HEALTH AND LIFESTYLE

Seven ways to improve your energy metabolism

Symptoms such as fatigue, brain fog and recurrent migraine are frequently due to an ineffective energy metabolism. The production of energy in each and every cell is happening in the mitochondria – the small “powerhouses” in our cells. If these small “powerhouses” are not working in an effective way we feel tired, along with other symptoms such as general muscle ache, and ‘brain fog’. Sometimes even a state of chronic fatigue can develop.

 

Today we know that targeting cellular health makes sense to address such symptoms and prevent chronic health conditions. To improve cellular and mitochondrial health we can use the following strategies:

  1. Intermittent Hypoxia/Hyperoxia Therapy (IHHT) – Passive training in a comfortable position with Intermittent Hypoxia Hyperoxia Therapy simulates an altitude training situation

 

Simulated altitude training has demonstrated measurable benefits for a wide range of conditions – from people trying to seek their personal health goals- to weak patients with impaired ability to exercise.  The principle is easy to understand: Reducing the amount of oxygen in the environment, and therefore in the air that you breathe, increases the training stimulus on both aerobic and anaerobic systems. The goal is to revitalize our cellular powerplants- the mitochondria.
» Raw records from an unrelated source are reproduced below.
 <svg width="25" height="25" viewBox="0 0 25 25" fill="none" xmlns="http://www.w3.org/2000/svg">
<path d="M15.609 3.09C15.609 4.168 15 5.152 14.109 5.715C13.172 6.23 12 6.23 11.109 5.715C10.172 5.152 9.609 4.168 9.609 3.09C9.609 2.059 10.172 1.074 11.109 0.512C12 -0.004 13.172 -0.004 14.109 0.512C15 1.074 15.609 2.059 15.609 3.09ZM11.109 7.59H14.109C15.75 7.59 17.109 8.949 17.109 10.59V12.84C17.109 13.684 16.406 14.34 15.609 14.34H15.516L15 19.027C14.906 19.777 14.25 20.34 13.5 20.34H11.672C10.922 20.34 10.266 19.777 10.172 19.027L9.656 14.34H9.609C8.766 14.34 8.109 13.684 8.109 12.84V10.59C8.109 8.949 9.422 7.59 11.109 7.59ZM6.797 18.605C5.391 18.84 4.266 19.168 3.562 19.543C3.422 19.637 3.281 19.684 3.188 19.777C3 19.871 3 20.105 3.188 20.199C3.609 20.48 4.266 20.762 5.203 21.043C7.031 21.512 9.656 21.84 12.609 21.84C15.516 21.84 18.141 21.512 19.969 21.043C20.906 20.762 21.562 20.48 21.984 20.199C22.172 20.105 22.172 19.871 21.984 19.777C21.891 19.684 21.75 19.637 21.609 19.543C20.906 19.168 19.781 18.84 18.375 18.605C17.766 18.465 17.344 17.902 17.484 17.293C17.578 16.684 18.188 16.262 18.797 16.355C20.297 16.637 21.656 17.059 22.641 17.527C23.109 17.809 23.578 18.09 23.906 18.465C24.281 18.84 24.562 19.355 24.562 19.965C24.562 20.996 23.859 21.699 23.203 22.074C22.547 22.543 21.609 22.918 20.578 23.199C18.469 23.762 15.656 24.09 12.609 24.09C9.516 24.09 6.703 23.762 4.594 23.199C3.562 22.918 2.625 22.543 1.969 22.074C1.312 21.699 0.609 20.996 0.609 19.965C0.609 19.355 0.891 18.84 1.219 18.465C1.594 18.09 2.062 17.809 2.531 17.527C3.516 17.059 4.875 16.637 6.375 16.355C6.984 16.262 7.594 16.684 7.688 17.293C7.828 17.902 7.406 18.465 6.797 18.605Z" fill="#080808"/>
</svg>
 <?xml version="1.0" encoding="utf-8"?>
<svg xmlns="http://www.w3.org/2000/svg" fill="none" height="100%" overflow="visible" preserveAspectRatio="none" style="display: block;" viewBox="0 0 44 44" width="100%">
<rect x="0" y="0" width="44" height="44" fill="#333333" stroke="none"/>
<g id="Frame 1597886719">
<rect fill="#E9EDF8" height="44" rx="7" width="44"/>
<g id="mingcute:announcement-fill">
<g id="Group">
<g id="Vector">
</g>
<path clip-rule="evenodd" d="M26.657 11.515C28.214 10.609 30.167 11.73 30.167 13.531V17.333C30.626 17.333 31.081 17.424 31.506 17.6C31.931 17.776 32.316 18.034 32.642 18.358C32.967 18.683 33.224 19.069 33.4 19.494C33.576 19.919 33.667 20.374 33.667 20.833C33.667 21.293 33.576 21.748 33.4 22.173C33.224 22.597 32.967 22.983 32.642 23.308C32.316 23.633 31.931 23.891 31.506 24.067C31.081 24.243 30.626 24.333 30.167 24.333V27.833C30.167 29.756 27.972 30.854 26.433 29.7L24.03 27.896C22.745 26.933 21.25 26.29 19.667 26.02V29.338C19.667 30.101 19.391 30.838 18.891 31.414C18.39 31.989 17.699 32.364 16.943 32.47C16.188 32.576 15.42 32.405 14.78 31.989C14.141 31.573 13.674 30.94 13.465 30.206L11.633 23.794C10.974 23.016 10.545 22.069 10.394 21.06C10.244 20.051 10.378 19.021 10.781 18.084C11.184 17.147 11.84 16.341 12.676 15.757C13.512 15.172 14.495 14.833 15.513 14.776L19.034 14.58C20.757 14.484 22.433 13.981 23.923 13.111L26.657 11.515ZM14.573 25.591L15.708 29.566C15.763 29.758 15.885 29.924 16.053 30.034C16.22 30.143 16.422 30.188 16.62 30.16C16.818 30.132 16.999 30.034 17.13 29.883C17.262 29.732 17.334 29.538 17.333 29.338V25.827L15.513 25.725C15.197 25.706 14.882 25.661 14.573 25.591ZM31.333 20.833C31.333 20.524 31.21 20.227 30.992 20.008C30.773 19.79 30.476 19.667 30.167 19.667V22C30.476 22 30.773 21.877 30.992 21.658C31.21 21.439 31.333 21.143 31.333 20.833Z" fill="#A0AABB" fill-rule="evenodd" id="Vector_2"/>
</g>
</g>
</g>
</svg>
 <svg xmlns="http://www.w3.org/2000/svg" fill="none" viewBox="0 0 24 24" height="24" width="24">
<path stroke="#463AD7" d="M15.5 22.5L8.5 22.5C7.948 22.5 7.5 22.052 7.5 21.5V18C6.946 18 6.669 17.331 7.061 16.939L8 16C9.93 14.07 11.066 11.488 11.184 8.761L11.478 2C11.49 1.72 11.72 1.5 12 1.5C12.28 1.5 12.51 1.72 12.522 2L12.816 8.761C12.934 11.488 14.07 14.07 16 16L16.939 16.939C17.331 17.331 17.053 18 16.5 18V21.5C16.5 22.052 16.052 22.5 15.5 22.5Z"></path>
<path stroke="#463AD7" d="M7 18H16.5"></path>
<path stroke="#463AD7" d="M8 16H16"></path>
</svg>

A wide range of positive effects in patients with clinical conditions has been proven.

 

Intermittent Hypoxia Hyperoxia therapy (IHHT) is a novel, safe, and effective technique to do exactly this. Instead of actively training in the mountains the therapy session is at rest in a comfortable, seated position. The effects are the result of breathing modified oxygen concentrations through a mask.

 

Regular IHHT sessions produce multiple physiological benefits. Increased oxygen supply, restoration of cellular health by promoting the “cleaning process” in our cells. The old mitochondria will die, and new mitochondria will develop.

 

In addition, it has a positive effect on the energy metabolism, lipid metabolism, glucose uptake, insulin sensitivity, and is useful for a wide range of other chronic conditions.

 

  1. Intermittent Fasting. (16:8) No food intake for 16 hours per day. This activates the utilization of sugar and fat reserves, regulates blood sugar and insulin levels and promotes autophagy- the cleaning process in our cells.

 

  1. Daily Physical Activity. Walking, running, dancing, swimming, gardening, in fact any movement that requires energy expenditure to obtain endurance, strength, balance and flexibility.

 

  1. Healthy Food and low carb diet Stay away from fast-food, ultra-processed foods and instead try to go on a low carb diet. Try to ear fresh food, ideally BIO.

 

  1. Get enough sleep Ideally 7-9 hours each night.

 

  1. Micronutrients and Antioxidants. The most important micronutrient for mitochondrial health is Coenzyme Q 10 – ideally in the reduced form as Ubiquinol. Other important substances are Magnesium, Copper, Vitamin B2, B3, B6, B12 Vitamin C, Carnitine.

 

  1. Avoid exposure to environmental toxins These include heavy metals and mold from food and your environment.

 

 

Why to target mitochondrial health?

 

Mitochondria are present in each and every cell.  They produce 95 % of the cellular energy in the form of ATP (Adenosine triphosphate). The biochemical reaction to produce ATP is called the “respiratory chain”. It involves five enzymatic complexes, where the biochemical reactions are happening. If the biochemical flow of these reactions is not effective, our energy metabolism is impaired. Our “biochemical engine” is not working effectively. The result is increased oxidative stress. When the mitochondria are affected, the flow of our biochemical reactions is affected and chronic health conditions may develop.